Python (and most other languages in the C family) provides **in-place operators**
that work like this:

In [None]:
x = 1  # original value
x += 1 # add one to x, assigning result back to x
x *= 3 # multiply x by 3

print(x)

Write some code that sums the positive and negative numbers in a list separately, using in-place operators. Do you think the result is more or less readable than writing the same without in-place operators?
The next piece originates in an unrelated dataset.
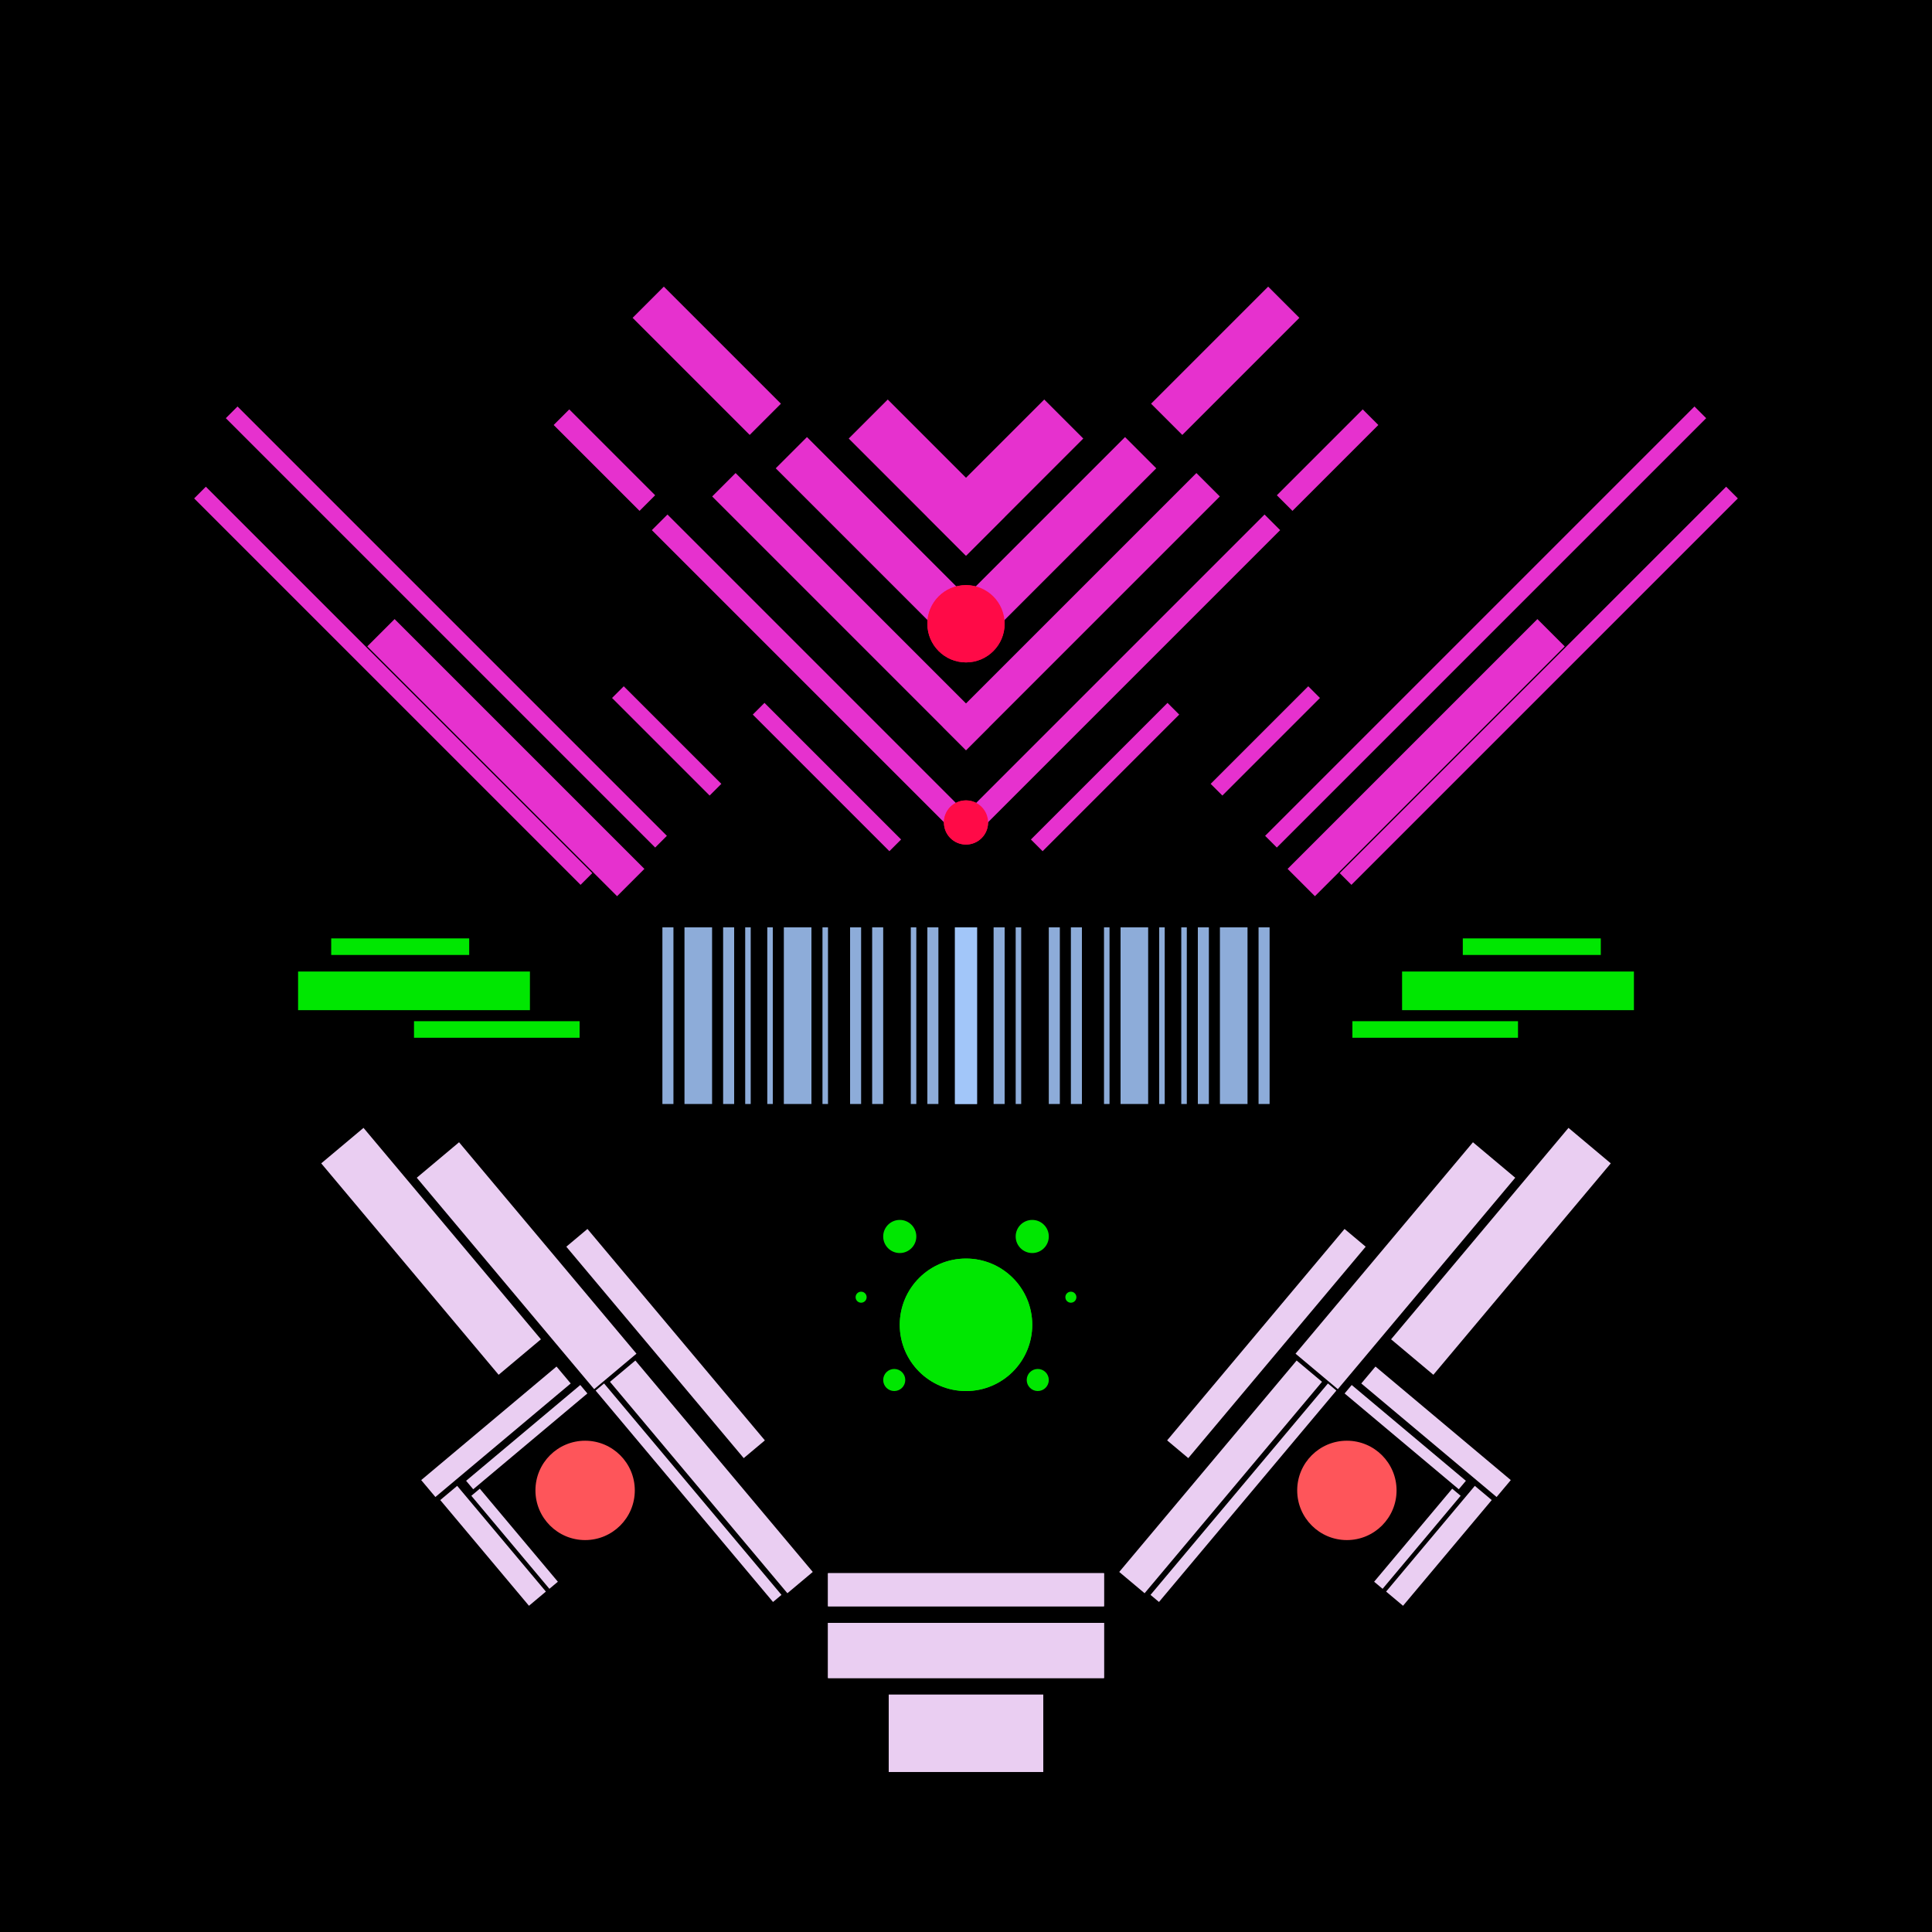 <svg xmlns='http://www.w3.org/2000/svg' preserveAspectRatio='xMinYMin meet' viewBox='0 0 350 350'> <filter id='neon' y='-2' x='-1' width='350' height='350'><feDropShadow flood-color='#3f285e' dx='0' dy='5' flood-opacity='1' stdDeviation='2' result='shadow'/><feOffset in='StrokePaint' dx='0' dy='2' result='offStrPnt'/><feFlood flood-color='#E0F2F3' flood-opacity='0.2' result='flood1' /><feOffset in='SourceGraphic' dx='0' dy='-1' result='offFlood'/><feOffset in='SourceGraphic' dx='0' dy='3' result='offShadow'/><feComposite in='flood1' in2='offFlood' operator='in'  result='cmpFlood' /><feComposite in='shadow' in2='offShadow' operator='in'  result='cmpSha' /><feGaussianBlur in='offStrPnt' stdDeviation='3.5' result='bStrokeP'/><feGaussianBlur in='cmpFlood' stdDeviation='0.8' result='bFlood'/><feGaussianBlur in='cmpSha' stdDeviation='0.4' result='bShadow'/><feMerge><feMergeNode in='bStrokeP'/><feMergeNode in='SourceGraphic'/><feMergeNode in='bFlood'/><feMergeNode in='bshadow'/></feMerge></filter><rect width='100%'  height='100%' fill='#000000'/> <g filter='url(#neon)' ><rect x='150' y= '290' width='50 ' height=  '10 '  fill= '#EACEF2' /><rect x='150' y= '281' width='50 ' height=  '6  '  fill= '#EACEF2' /><rect x='161' y= '303' width='28 ' height=  '14 '  fill= '#EACEF2' /><rect x='90 ' y= '200' width='10 ' height=  '50 '  fill= '#EACEF2' transform = '  translate( -122   , 114 ) rotate ( -40)'  /><rect x='89 ' y= '239' width='4  ' height=  '32 '  fill= '#EACEF2' transform = '  translate( -47 , 489 ) rotate ( -130  )'  /><rect x='94 ' y= '243' width='2  ' height=  '27 '  fill= '#EACEF2' transform = '  translate( -40 , 494 ) rotate ( -130  )'  /><rect x='88 ' y= '264' width='4  ' height=  '25 '  fill= '#EACEF2' transform = '  translate( 336 , 430 ) rotate ( 140)'  /><rect x='93 ' y= '264' width='2  ' height=  '22 '  fill= '#EACEF2' transform = '  translate( 342 , 425 ) rotate ( 140)'  /><rect x='126' y= '238' width='6  ' height=  '50 '  fill= '#EACEF2' transform = '  translate( -139   , 145 ) rotate ( -40)'  /><rect x='118' y= '215' width='5  ' height=  '50 '  fill= '#EACEF2' transform = '  translate( -126   , 133 ) rotate ( -40)'  /><rect x='73 ' y= '198' width='10 ' height=  '50 '  fill= '#EACEF2' transform = '  translate( -125   , 102 ) rotate ( -40)'  /><rect x='124' y= '241' width='2  ' height=  '50 '  fill= '#EACEF2' transform = '  translate( -142   , 143 ) rotate ( -40)'  /><circle cx='106' cy='266' r ='9  '  fill= '#FE555A' /><rect x='150' y= '290' width='50 ' height=  '10 '  fill= '#EACEF2' transform= 'scale(-1,1) translate(-350,0)'/><rect x='150' y= '281' width='50 ' height=  '6  '  fill= '#EACEF2' transform= 'scale(-1,1) translate(-350,0)'/><rect x='161' y= '303' width='28 ' height=  '14 '  fill= '#EACEF2' transform= 'scale(-1,1) translate(-350,0)'/><rect x='90 ' y= '200' width='10 ' height=  '50 '  fill= '#EACEF2' transform = ' scale(-1,1)  translate(-350,0) translate( -122   , 114 ) rotate ( -40)'  /><rect x='89 ' y= '239' width='4  ' height=  '32 '  fill= '#EACEF2' transform = ' scale(-1,1)  translate(-350,0) translate( -47 , 489 ) rotate ( -130  )'  /><rect x='94 ' y= '243' width='2  ' height=  '27 '  fill= '#EACEF2' transform = ' scale(-1,1)  translate(-350,0) translate( -40 , 494 ) rotate ( -130  )'  /><rect x='88 ' y= '264' width='4  ' height=  '25 '  fill= '#EACEF2' transform = ' scale(-1,1)  translate(-350,0) translate( 336 , 430 ) rotate ( 140)'  /><rect x='93 ' y= '264' width='2  ' height=  '22 '  fill= '#EACEF2' transform = ' scale(-1,1)  translate(-350,0) translate( 342 , 425 ) rotate ( 140)'  /><rect x='126' y= '238' width='6  ' height=  '50 '  fill= '#EACEF2' transform = ' scale(-1,1)  translate(-350,0) translate( -139   , 145 ) rotate ( -40)'  /><rect x='118' y= '215' width='5  ' height=  '50 '  fill= '#EACEF2' transform = ' scale(-1,1)  translate(-350,0) translate( -126   , 133 ) rotate ( -40)'  /><rect x='73 ' y= '198' width='10 ' height=  '50 '  fill= '#EACEF2' transform = ' scale(-1,1)  translate(-350,0) translate( -125   , 102 ) rotate ( -40)'  /><rect x='124' y= '241' width='2  ' height=  '50 '  fill= '#EACEF2' transform = ' scale(-1,1)  translate(-350,0) translate( -142   , 143 ) rotate ( -40)'  /><circle cx='106' cy='266' r ='9  '  fill= '#FE555A' transform= 'scale(-1,1) translate(-350,0)'/><rect x='75 ' y= '181' width='30 ' height=  '3  '  fill= '#00e701' /><rect x='60 ' y= '166' width='25 ' height=  '3  '  fill= '#00e701' /><rect x='54 ' y= '172' width='42 ' height=  '7  '  fill= '#00e701' /><rect x='107' y= '129' width='25 ' height=  '3  '  fill= '#e631ce' transform = '  translate( 113 , 307 ) rotate ( -135  )'  /><rect x='26 ' y= '109' width='110' height=  '3  '  fill= '#e631ce' transform = '  translate( 60  , 245 ) rotate ( -135  )'  /><rect x='23 ' y= '118' width='99 ' height=  '3  '  fill= '#e631ce' transform = '  translate( 38  , 256 ) rotate ( -135  )'  /><rect x='60 ' y= '129' width='64 ' height=  '7  '  fill= '#e631ce' transform = '  translate( 63  , 292 ) rotate ( -135  )'  /><rect x='132' y= '135' width='35 ' height=  '3  '  fill= '#e631ce' transform = '  translate( 159 , 339 ) rotate ( -135  )'  /><rect x='108' y= '116' width='80 ' height=  '4  '  fill= '#e631ce' transform = '  translate( 169 , 307 ) rotate ( -135  )'  /><rect x='98 ' y= '78 ' width='22 ' height=  '4  '  fill= '#e631ce' transform = '  translate( 130 , 213 ) rotate ( -135  )'  /><rect x='121' y= '104' width='65 ' height=  '6  '  fill= '#e631ce' transform = '  translate( 187 , 291 ) rotate ( -135  )'  /><rect x='137' y= '91 ' width='48 ' height=  '8  '  fill= '#e631ce' transform = '  translate( 207 , 276 ) rotate ( -135  )'  /><rect x='112' y= '58 ' width='30 ' height=  '8  '  fill= '#e631ce' transform = '  translate( 174 , 195 ) rotate ( -135  )'  /><rect x='153' y= '78 ' width='30 ' height=  '10 '  fill= '#e631ce' transform = '  translate( 228 , 260 ) rotate ( -135  )'  /><circle cx='175' cy='145' r ='4  '  fill= '#FF0A47' /><circle cx='175' cy='109' r ='7  '  fill= '#FF0A47' /><rect x='75 ' y= '181' width='30 ' height=  '3  '  fill= '#00e701' transform= 'scale(-1,1) translate(-350,0)'/><rect x='60 ' y= '166' width='25 ' height=  '3  '  fill= '#00e701' transform= 'scale(-1,1) translate(-350,0)'/><rect x='54 ' y= '172' width='42 ' height=  '7  '  fill= '#00e701' transform= 'scale(-1,1) translate(-350,0)'/><rect x='107' y= '129' width='25 ' height=  '3  '  fill= '#e631ce' transform = ' scale(-1,1)  translate(-350,0) translate( 113 , 307 ) rotate ( -135  )'  /><rect x='26 ' y= '109' width='110' height=  '3  '  fill= '#e631ce' transform = ' scale(-1,1)  translate(-350,0) translate( 60  , 245 ) rotate ( -135  )'  /><rect x='23 ' y= '118' width='99 ' height=  '3  '  fill= '#e631ce' transform = ' scale(-1,1)  translate(-350,0) translate( 38  , 256 ) rotate ( -135  )'  /><rect x='60 ' y= '129' width='64 ' height=  '7  '  fill= '#e631ce' transform = ' scale(-1,1)  translate(-350,0) translate( 63  , 292 ) rotate ( -135  )'  /><rect x='132' y= '135' width='35 ' height=  '3  '  fill= '#e631ce' transform = ' scale(-1,1)  translate(-350,0) translate( 159 , 339 ) rotate ( -135  )'  /><rect x='108' y= '116' width='80 ' height=  '4  '  fill= '#e631ce' transform = ' scale(-1,1)  translate(-350,0) translate( 169 , 307 ) rotate ( -135  )'  /><rect x='98 ' y= '78 ' width='22 ' height=  '4  '  fill= '#e631ce' transform = ' scale(-1,1)  translate(-350,0) translate( 130 , 213 ) rotate ( -135  )'  /><rect x='121' y= '104' width='65 ' height=  '6  '  fill= '#e631ce' transform = ' scale(-1,1)  translate(-350,0) translate( 187 , 291 ) rotate ( -135  )'  /><rect x='137' y= '91 ' width='48 ' height=  '8  '  fill= '#e631ce' transform = ' scale(-1,1)  translate(-350,0) translate( 207 , 276 ) rotate ( -135  )'  /><rect x='112' y= '58 ' width='30 ' height=  '8  '  fill= '#e631ce' transform = ' scale(-1,1)  translate(-350,0) translate( 174 , 195 ) rotate ( -135  )'  /><rect x='153' y= '78 ' width='30 ' height=  '10 '  fill= '#e631ce' transform = ' scale(-1,1)  translate(-350,0) translate( 228 , 260 ) rotate ( -135  )'  /><circle cx='175' cy='145' r ='4  '  fill= '#FF0A47' transform= 'scale(-1,1) translate(-350,0)'/><circle cx='175' cy='109' r ='7  '  fill= '#FF0A47' transform= 'scale(-1,1) translate(-350,0)'/><circle cx='175' cy='236' r ='12 '  fill= '#00e701' /><circle cx='163' cy='220' r ='3  '  fill= '#00e701' /><circle cx='162' cy='246' r ='2  '  fill= '#00e701' /><circle cx='156' cy='231' r ='1  '  fill= '#00e701' /><circle cx='175' cy='236' r ='12 '  fill= '#00e701' transform= 'scale(-1,1) translate(-350,0)'/><circle cx='163' cy='220' r ='3  '  fill= '#00e701' transform= 'scale(-1,1) translate(-350,0)'/><circle cx='162' cy='246' r ='2  '  fill= '#00e701' transform= 'scale(-1,1) translate(-350,0)'/><circle cx='156' cy='231' r ='1  '  fill= '#00e701' transform= 'scale(-1,1) translate(-350,0)'/></g><g fill-opacity='0.85'><rect x='120' y= '164' width='2  ' height=  '32 '  fill= '#A6CAFF' filter='url(#neon)'  /><rect x='124' y= '164' width='5  ' height=  '32 '  fill= '#A6CAFF' filter='url(#neon)'  /><rect x='131' y= '164' width='2  ' height=  '32 '  fill= '#A6CAFF' filter='url(#neon)'  /><rect x='154' y= '164' width='2  ' height=  '32 '  fill= '#A6CAFF' filter='url(#neon)'  /><rect x='135' y= '164' width='1  ' height=  '32 '  fill= '#A6CAFF' filter='url(#neon)'  /><rect x='149' y= '164' width='1  ' height=  '32 '  fill= '#A6CAFF' filter='url(#neon)'  /><rect x='158' y= '164' width='2  ' height=  '32 '  fill= '#A6CAFF' filter='url(#neon)'  /><rect x='165' y= '164' width='1  ' height=  '32 '  fill= '#A6CAFF' filter='url(#neon)'  /><rect x='168' y= '164' width='2  ' height=  '32 '  fill= '#A6CAFF' filter='url(#neon)'  /><rect x='139' y= '164' width='1  ' height=  '32 '  fill= '#A6CAFF' filter='url(#neon)'  /><rect x='142' y= '164' width='5  ' height=  '32 '  fill= '#A6CAFF' filter='url(#neon)'  /><rect x='173' y= '164' width='4  ' height=  '32 '  fill= '#A6CAFF' filter='url(#neon)'  /><rect x='120' y= '164' width='2  ' height=  '32 '  fill= '#A6CAFF' filter='url(#neon)'  transform= 'scale(-1,1) translate(-350,0)'/><rect x='124' y= '164' width='5  ' height=  '32 '  fill= '#A6CAFF' filter='url(#neon)'  transform= 'scale(-1,1) translate(-350,0)'/><rect x='131' y= '164' width='2  ' height=  '32 '  fill= '#A6CAFF' filter='url(#neon)'  transform= 'scale(-1,1) translate(-350,0)'/><rect x='154' y= '164' width='2  ' height=  '32 '  fill= '#A6CAFF' filter='url(#neon)'  transform= 'scale(-1,1) translate(-350,0)'/><rect x='135' y= '164' width='1  ' height=  '32 '  fill= '#A6CAFF' filter='url(#neon)'  transform= 'scale(-1,1) translate(-350,0)'/><rect x='149' y= '164' width='1  ' height=  '32 '  fill= '#A6CAFF' filter='url(#neon)'  transform= 'scale(-1,1) translate(-350,0)'/><rect x='158' y= '164' width='2  ' height=  '32 '  fill= '#A6CAFF' filter='url(#neon)'  transform= 'scale(-1,1) translate(-350,0)'/><rect x='165' y= '164' width='1  ' height=  '32 '  fill= '#A6CAFF' filter='url(#neon)'  transform= 'scale(-1,1) translate(-350,0)'/><rect x='168' y= '164' width='2  ' height=  '32 '  fill= '#A6CAFF' filter='url(#neon)'  transform= 'scale(-1,1) translate(-350,0)'/><rect x='139' y= '164' width='1  ' height=  '32 '  fill= '#A6CAFF' filter='url(#neon)'  transform= 'scale(-1,1) translate(-350,0)'/><rect x='142' y= '164' width='5  ' height=  '32 '  fill= '#A6CAFF' filter='url(#neon)'  transform= 'scale(-1,1) translate(-350,0)'/><rect x='173' y= '164' width='4  ' height=  '32 '  fill= '#A6CAFF' filter='url(#neon)'  transform= 'scale(-1,1) translate(-350,0)'/></g></svg>

### Sorting a List Into Buckets

The folder containing our data files has large data sets whose names start with “inflammation-“, small ones whose names with “small-“, and possibly other files whose sizes we don’t know. Our goal is to sort those files into three lists called large_files, small_files, and other_files respectively. Add code to the template below to do this. Note that the string method startswith returns True if and only if the string it is called on starts with the string passed as an argument.

Your solution should:

* loop over the names of the files
* figure out which group each filename belongs
* append the filename to that list

In [None]:
from glob import glob
filenames = glob('./data/*')
large_files = []
small_files = []
other_files = []

# pseudocode:
# for loop to loop through 'filenames'
for f in filenames:
# check if 'inflammation' is in current filename
    if 'inflammation' in f:
        large_files.append(f)
    elif 'small' in f:
        small_files.append(f)
    else:
        other_files.append(f)
# if it is, append current filename to large_files
# else if 'small' is in current filename
# append to small_files
# else append to other_files

### Counting Bases
Write a loop that counts the number of bases in a DNA sequence.

In [None]:
dna_sequence = 'CGTACCGTCGACGATGCTACGATCGTCGATCGTAGTCGATCATCGATCGATCGCGATCGATCGATATCGATCGATATCATCGATGCATCGATCATCGATCGATCGATCGATCGACGATCGATCGATCGTAGCTAGCTAGCTAGATCGATCATCATCGTAGCTAGCTCGACTAGCTACGTACGATCGATGCATCGATCGTACGATCGATCGATCGATCGATCGATCGATCGATCGATCGATCGTAGCTAGCTACGATCGCGTACCGTCGACGATGCTACGATCGTCGATCGTAGTCGATCATCGATCGATCGCGATCGATCGATATCGATCGATATCATCGATGCATCGATCATCGATCGATCGATCGATCGACGATCGATCGATCGTAGCTAGCTAGCTAGATCGATCATCATCGTAGCTAGCTCGACTAGCTACGTACGATCGATGCATCGATCGTACGATCGATCGATCGATCGATCGATCGATCGATCGATCGATCGTAGCTAGCTACGATCG'

In [None]:
# initialize counters, e.g. G = 0
G = 0 
A = 0
T = 0
C = 0
err = 0
# loop through bases in dna sequence
for base in dna_sequence:
    if base == 'G':
        G += 1
    elif base == 'A':
        A += 1
    elif base == 'T':
        T += 1
    elif base == 'C':
        C += 1
    else:
        err += 1
# if base is G, then increment the value of the G counter by 1
# do this for all the bases each time through the loop
# also add an else statement that prints "unrecognized base"  
# and adds a value to an "error" counter

## Key Points
* Use `if condition` to start a conditional statement, `elif condition` to provide additional tests, and `else` to provide a default.
* The bodies of the branches of conditional statements must be indented.
* Use `==` to test for equality.
* `X and Y` is only true if both `X` and `Y` are true.
* `X or Y` is true if either `X` or `Y`, or both, are true.
* Zero, the empty string, and the empty list are considered false; all other numbers, strings, and lists are considered true.
* Nest loops to operate on multi-dimensional data.
* Put code whose parameters change frequently in a function, then call it with different parameter values to customize its behavior.